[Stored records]

━━━━

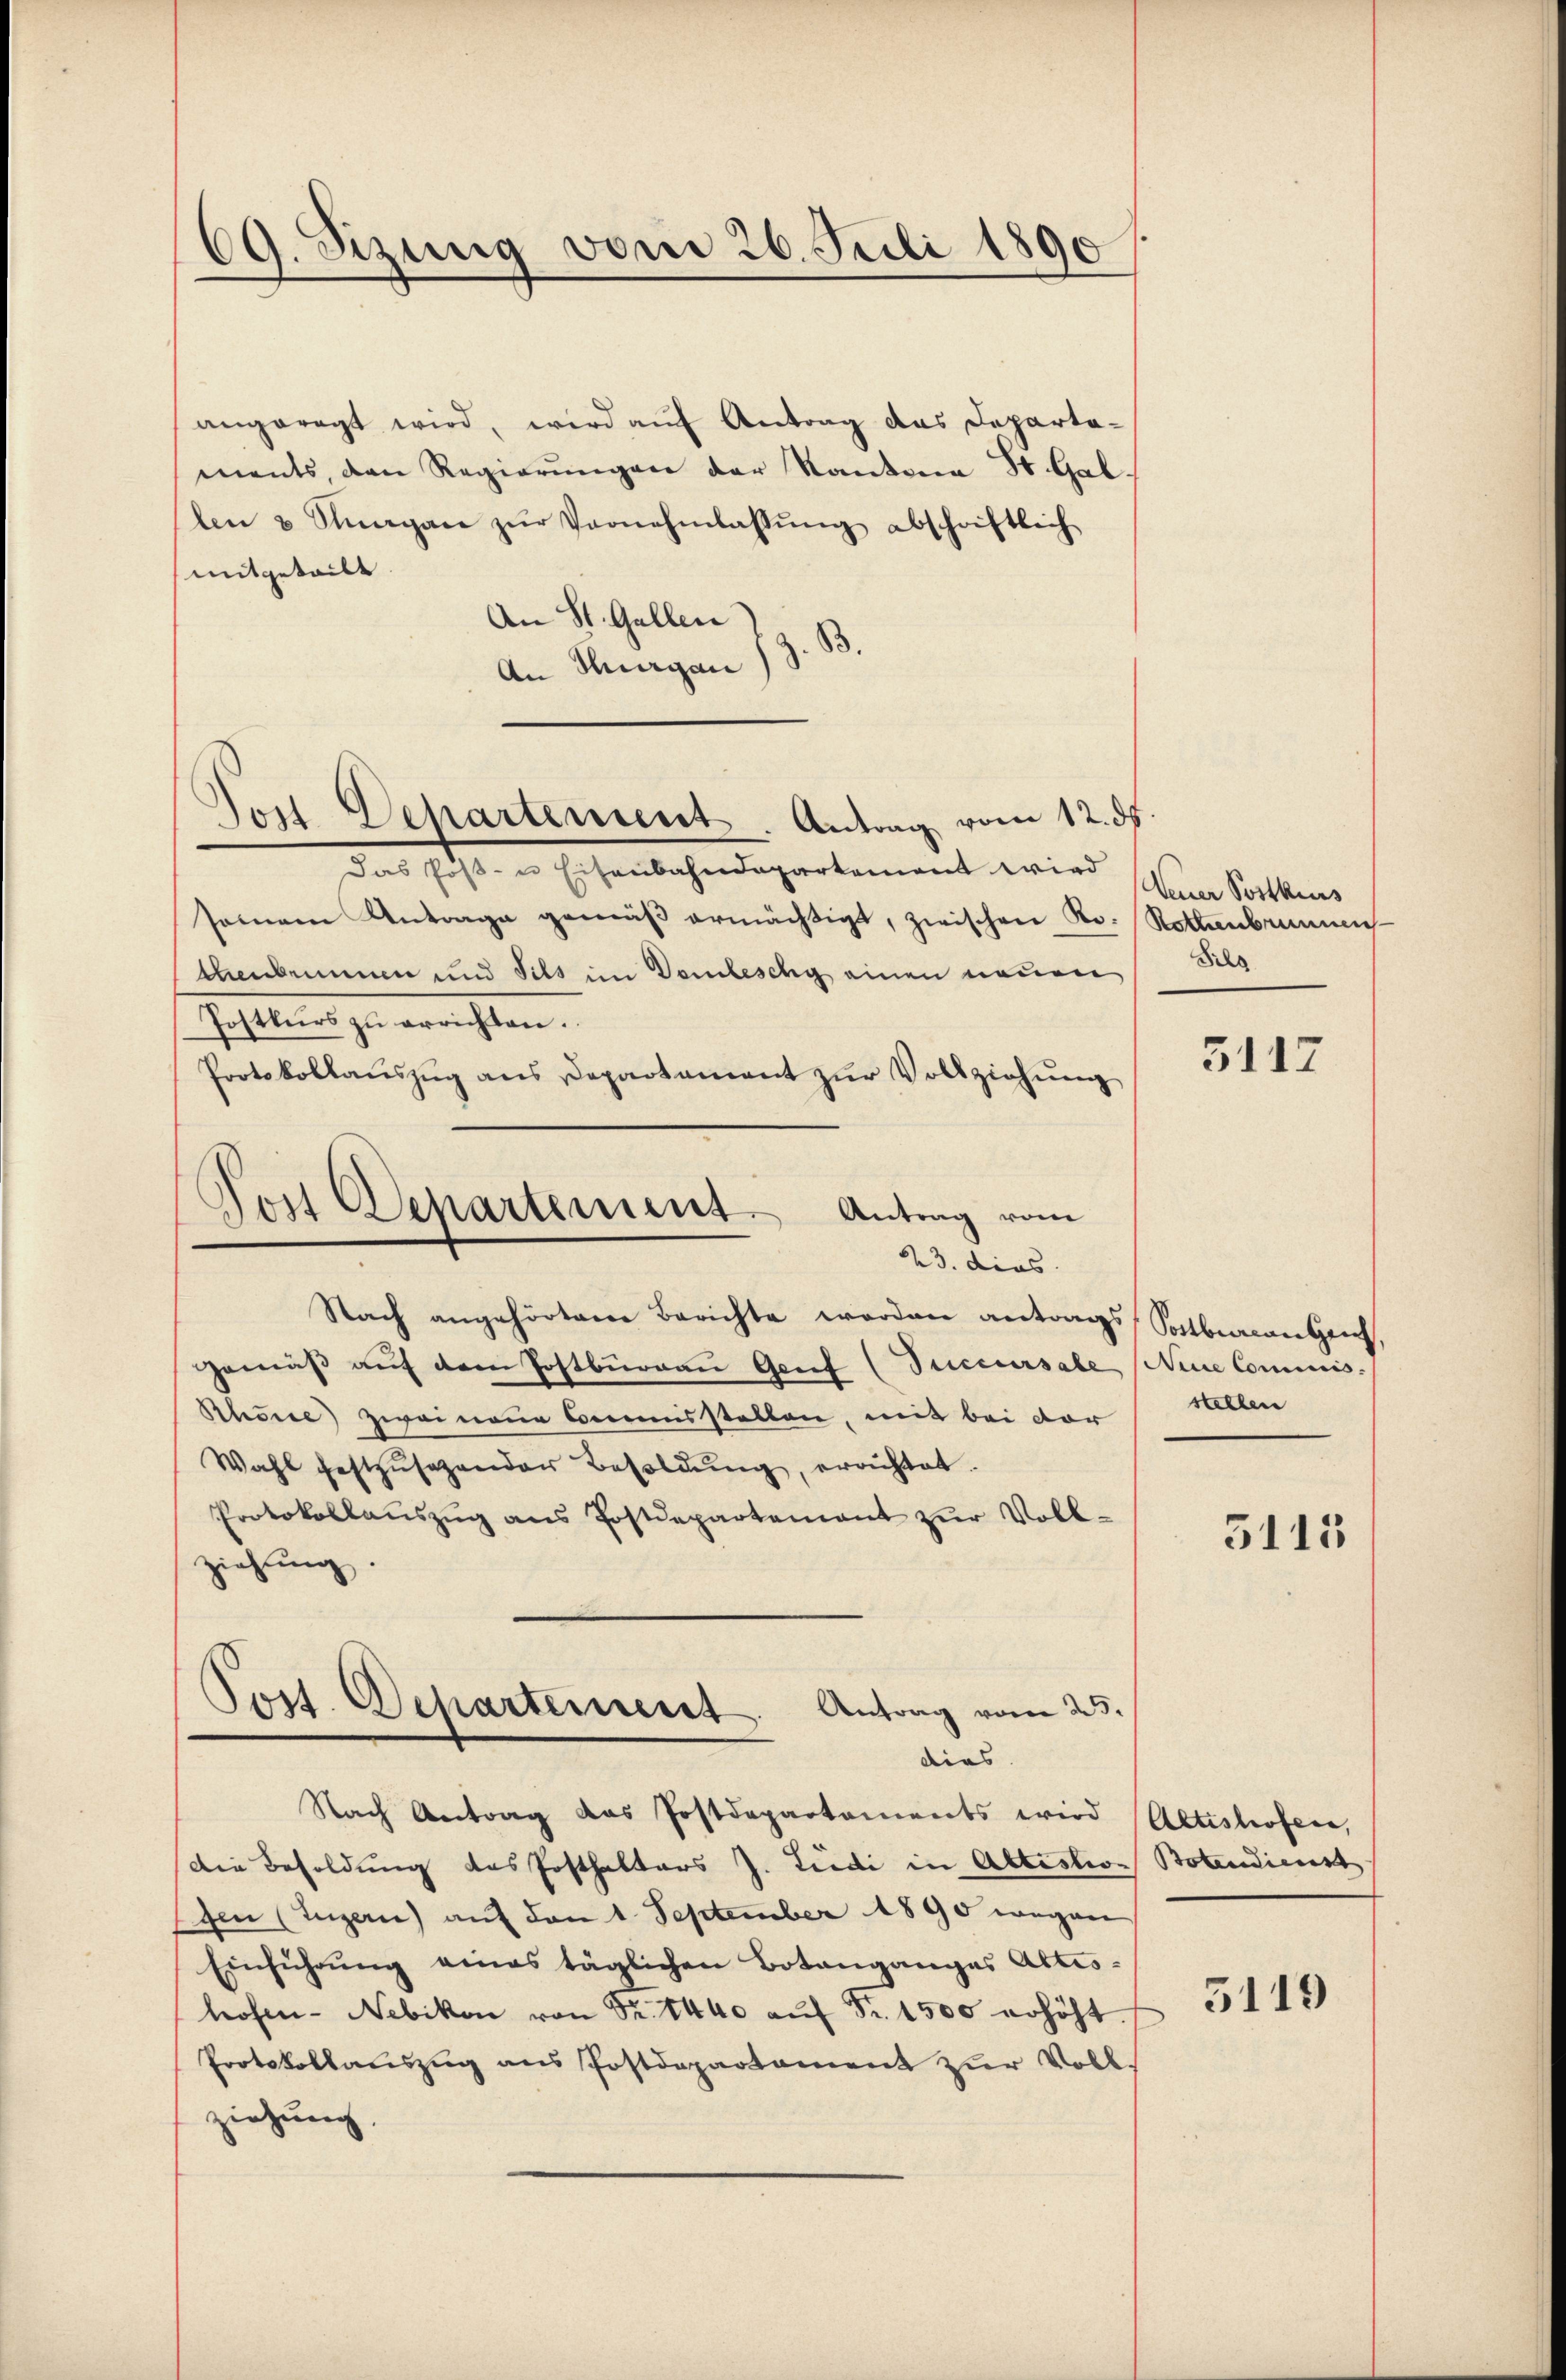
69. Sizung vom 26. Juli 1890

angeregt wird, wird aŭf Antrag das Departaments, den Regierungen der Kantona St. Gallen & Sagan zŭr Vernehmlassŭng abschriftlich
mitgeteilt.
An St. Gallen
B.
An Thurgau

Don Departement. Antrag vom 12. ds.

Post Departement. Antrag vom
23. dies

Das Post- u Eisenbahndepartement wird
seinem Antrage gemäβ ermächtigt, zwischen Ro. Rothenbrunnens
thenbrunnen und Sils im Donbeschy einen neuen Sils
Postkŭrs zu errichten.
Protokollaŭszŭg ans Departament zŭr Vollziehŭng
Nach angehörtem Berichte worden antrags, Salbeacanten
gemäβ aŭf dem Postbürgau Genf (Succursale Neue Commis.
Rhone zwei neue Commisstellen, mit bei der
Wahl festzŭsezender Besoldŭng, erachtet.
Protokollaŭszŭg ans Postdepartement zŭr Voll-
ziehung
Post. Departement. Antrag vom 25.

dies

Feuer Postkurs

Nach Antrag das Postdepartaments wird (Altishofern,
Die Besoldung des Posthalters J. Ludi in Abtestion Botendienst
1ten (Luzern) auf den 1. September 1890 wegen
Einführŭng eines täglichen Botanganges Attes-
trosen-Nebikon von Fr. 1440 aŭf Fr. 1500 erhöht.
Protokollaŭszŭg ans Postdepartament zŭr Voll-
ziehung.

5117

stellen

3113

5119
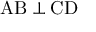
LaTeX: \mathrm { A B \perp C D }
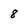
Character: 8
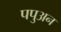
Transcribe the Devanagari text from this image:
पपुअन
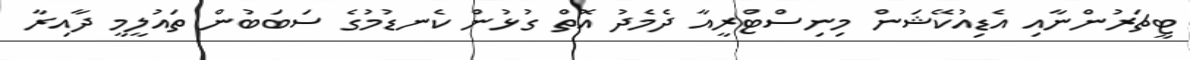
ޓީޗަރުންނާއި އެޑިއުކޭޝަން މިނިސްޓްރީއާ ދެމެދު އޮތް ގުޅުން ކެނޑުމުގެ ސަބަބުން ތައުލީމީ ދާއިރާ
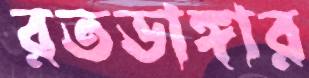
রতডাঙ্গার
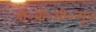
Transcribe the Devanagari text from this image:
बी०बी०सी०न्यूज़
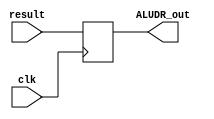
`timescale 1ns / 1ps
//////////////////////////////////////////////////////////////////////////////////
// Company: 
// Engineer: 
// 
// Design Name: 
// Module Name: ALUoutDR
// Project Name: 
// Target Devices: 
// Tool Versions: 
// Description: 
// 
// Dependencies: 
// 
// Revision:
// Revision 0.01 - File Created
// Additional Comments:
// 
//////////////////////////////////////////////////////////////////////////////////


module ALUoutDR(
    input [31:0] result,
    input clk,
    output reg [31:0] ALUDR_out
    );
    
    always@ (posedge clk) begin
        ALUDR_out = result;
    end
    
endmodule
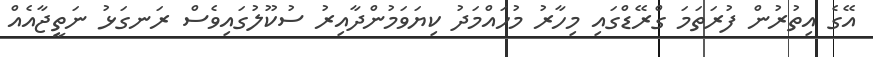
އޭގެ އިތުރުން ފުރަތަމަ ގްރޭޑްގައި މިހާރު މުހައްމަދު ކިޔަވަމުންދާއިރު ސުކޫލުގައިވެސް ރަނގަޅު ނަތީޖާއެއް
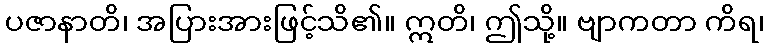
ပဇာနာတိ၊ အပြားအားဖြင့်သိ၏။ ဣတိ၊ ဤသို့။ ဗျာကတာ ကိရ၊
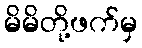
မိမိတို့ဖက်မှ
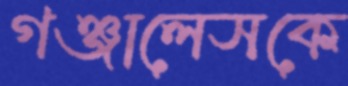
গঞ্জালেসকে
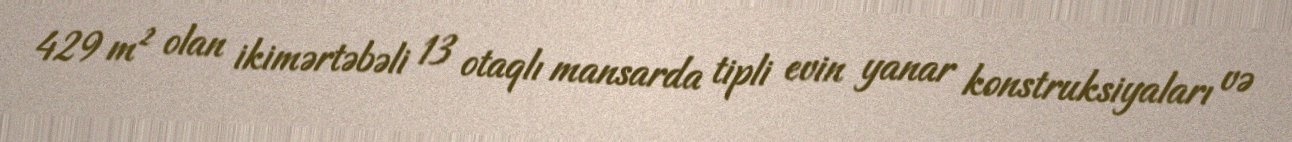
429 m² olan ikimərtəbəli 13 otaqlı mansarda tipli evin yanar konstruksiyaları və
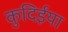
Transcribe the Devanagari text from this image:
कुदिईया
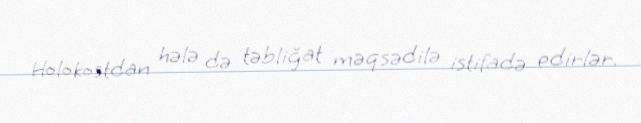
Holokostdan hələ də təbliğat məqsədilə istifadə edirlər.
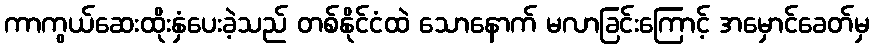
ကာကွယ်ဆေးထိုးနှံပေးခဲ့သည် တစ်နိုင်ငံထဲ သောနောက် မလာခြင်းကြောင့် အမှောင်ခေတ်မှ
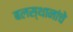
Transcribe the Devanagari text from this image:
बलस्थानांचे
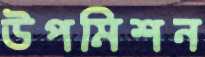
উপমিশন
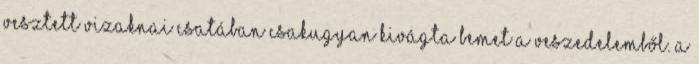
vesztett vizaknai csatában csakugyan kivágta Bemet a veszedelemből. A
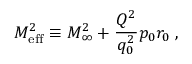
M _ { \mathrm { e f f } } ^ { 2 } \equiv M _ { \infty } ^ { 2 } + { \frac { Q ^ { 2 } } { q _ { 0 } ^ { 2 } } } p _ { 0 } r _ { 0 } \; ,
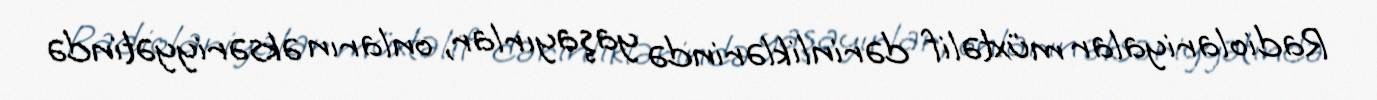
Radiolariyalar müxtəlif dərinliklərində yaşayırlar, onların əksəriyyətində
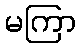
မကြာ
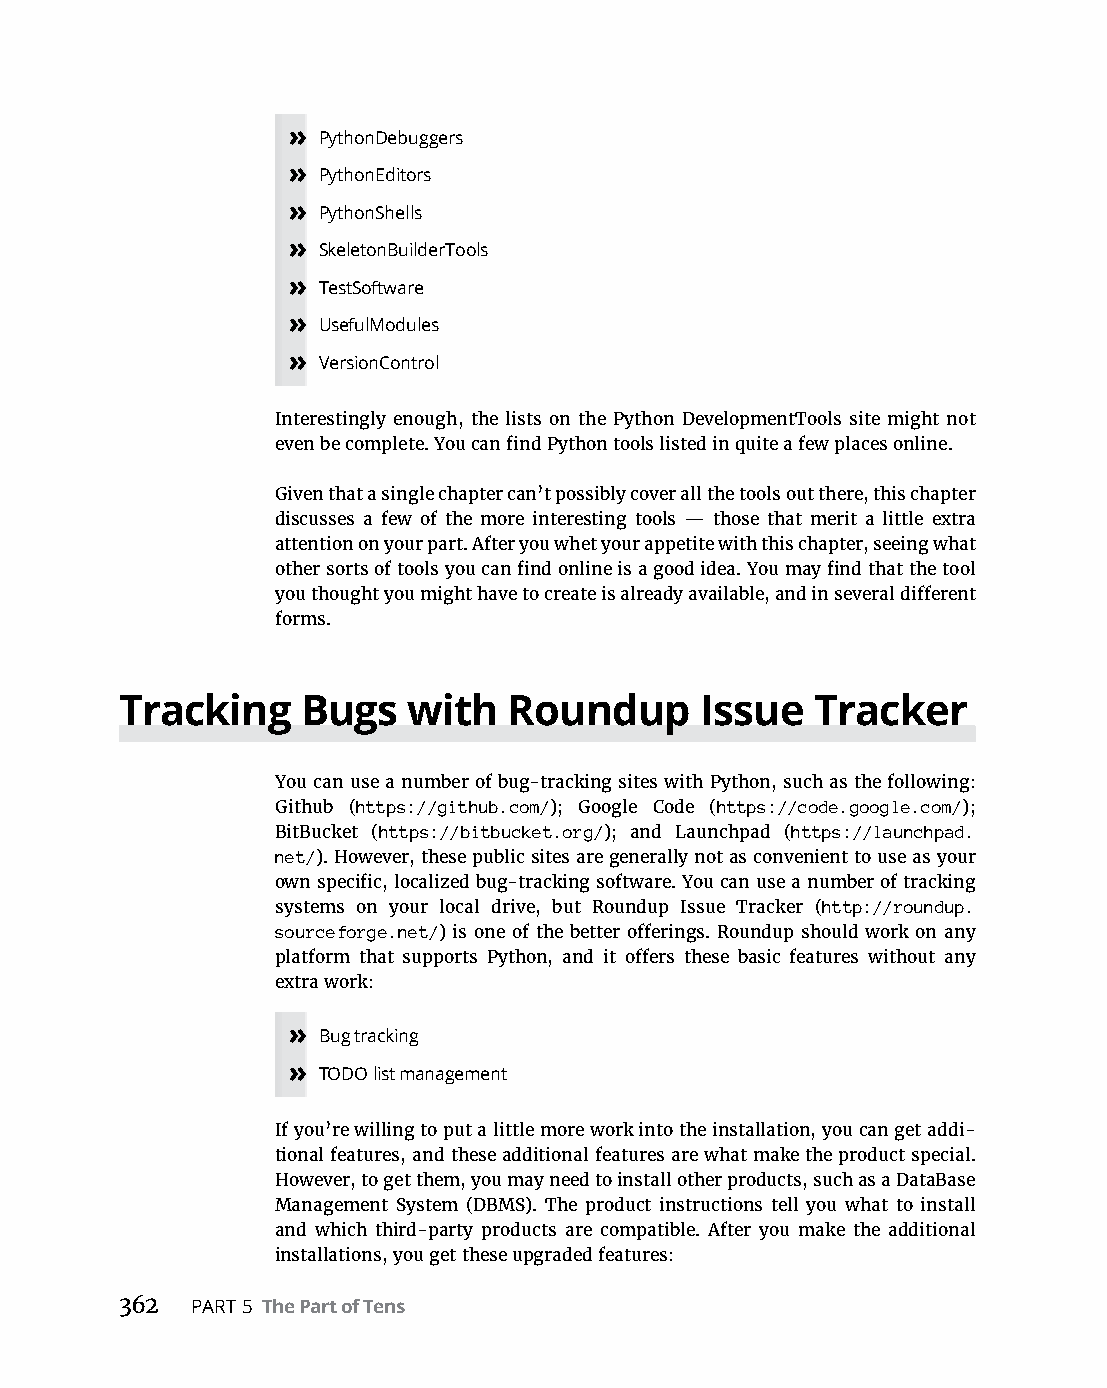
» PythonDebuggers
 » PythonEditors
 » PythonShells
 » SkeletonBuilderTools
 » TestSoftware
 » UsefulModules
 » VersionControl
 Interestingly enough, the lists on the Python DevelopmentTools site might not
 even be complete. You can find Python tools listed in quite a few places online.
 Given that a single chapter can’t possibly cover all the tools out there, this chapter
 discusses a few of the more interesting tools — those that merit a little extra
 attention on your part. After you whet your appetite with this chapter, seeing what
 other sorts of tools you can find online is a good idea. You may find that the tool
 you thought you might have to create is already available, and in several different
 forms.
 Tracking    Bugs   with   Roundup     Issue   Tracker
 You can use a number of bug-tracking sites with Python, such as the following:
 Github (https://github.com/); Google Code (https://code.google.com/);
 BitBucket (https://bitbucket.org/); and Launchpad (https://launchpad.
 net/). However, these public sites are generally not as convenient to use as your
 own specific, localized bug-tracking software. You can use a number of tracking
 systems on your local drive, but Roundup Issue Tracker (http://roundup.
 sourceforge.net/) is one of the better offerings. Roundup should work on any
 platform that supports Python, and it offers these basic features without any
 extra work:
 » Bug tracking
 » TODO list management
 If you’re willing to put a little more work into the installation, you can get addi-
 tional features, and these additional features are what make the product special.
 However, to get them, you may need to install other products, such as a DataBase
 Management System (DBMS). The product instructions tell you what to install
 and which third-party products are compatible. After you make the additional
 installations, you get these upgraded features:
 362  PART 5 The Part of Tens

━━━━

WHAT IS EXPECTED
Write out exactly the lines between the start of the data and the line with "Nach Antrag das", including both, but none of the pictures.

ANSWER SPACE
69. Sizung vom 26. Juli 1890

angeregt wird, wird aŭf Antrag das Departaments, den Regierungen der Kantona St. Gallen & Sagan zŭr Vernehmlassŭng abschriftlich
mitgeteilt.
An St. Gallen
B.
An Thurgau

Don Departement. Antrag vom 12. ds.

Post Departement. Antrag vom
23. dies

Das Post- u Eisenbahndepartement wird
seinem Antrage gemäβ ermächtigt, zwischen Ro. Rothenbrunnens
thenbrunnen und Sils im Donbeschy einen neuen Sils
Postkŭrs zu errichten.
Protokollaŭszŭg ans Departament zŭr Vollziehŭng
Nach angehörtem Berichte worden antrags, Salbeacanten
gemäβ aŭf dem Postbürgau Genf (Succursale Neue Commis.
Rhone zwei neue Commisstellen, mit bei der
Wahl festzŭsezender Besoldŭng, erachtet.
Protokollaŭszŭg ans Postdepartement zŭr Voll-
ziehung
Post. Departement. Antrag vom 25.

dies

Feuer Postkurs

Nach Antrag das Postdepartaments wird (Altishofern,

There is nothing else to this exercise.